Supreme Court of Ohio
Jan 10, 1951
96 N.E.2d 254 (Ohio 1951)

Opinion

No. 32137

Decided January 10, 1951.

Special interrogatories to jury — Section 11420-17, General Code — Jury required to answer, when — Interrogatories erroneous, when — Requiring answer only where verdict for particular party — Requiring answer to evidentiary or probative facts only — Interrogatory based on erroneous proposition of law — Wills — Execution — Witnesses need not sign in presence of each other — Contest proceeding.

1. Where proper interrogatories are submitted to a jury under Section 11420-17, General Code, the jury is required to answer them if it renders a general verdict, and it is error to instruct a jury to answer such interrogatories only if it finds a verdict in favor of a particular party.

2. It is error for a court to submit to a jury an interrogatory which requires an answer as to only a purely evidentiary or probative fact and not one of an ultimate and determinative character.

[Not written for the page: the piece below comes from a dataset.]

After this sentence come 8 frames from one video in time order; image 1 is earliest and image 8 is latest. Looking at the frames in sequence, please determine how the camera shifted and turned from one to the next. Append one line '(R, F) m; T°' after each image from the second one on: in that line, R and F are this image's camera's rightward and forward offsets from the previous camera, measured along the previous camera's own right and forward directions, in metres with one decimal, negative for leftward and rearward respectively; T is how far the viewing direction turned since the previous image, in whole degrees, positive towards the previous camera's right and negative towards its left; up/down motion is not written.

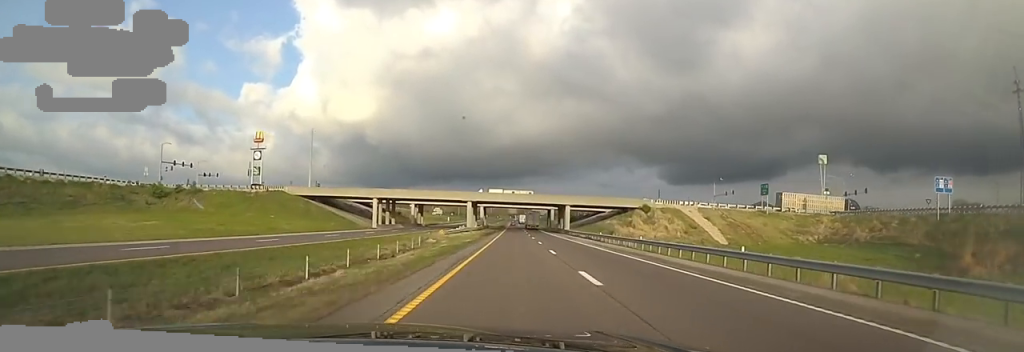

3. By virtue of Section 10504-3, General Code, it is not necessary to the validity of a last will and testament that the attesting and subscribing witnesses thereto sign the same in the presence of each other.

4. It is error to submit to a jury an interrogatory based upon an erroneous proposition of law.

APPEAL from the Court of Appeals for Trumbull county.

On July 9, 1947, Ethel M. McFadden, who was plaintiff in the trial court and will hereinafter be so designated, instituted an action against Gwladus A. Thomas, administratrix, with the will annexed, of the estate of Elijah Cook, deceased, Edwin Cook, Walter Roy Cook, Nelson H. Cook, Frank I. Cook, Frederick E. Cook and Mary Cook, defendants, who will hereinafter be so designated.

In her petition plaintiff alleged that Elijah Cook died on March 2, 1947; that on March 12, 1947, a certain paper writing, purporting to be the last will and testament of Elijah Cook and bearing the date of July 9, 1946, was admitted to probate; that letters of administration, with the will annexed, were issued to defendant Gwladus A. Thomas; and that Elijah Cook left no widow and the parties to this action, aside from Thomas, are the only and sole heirs at law, devisees and legatees of Elijah Cook.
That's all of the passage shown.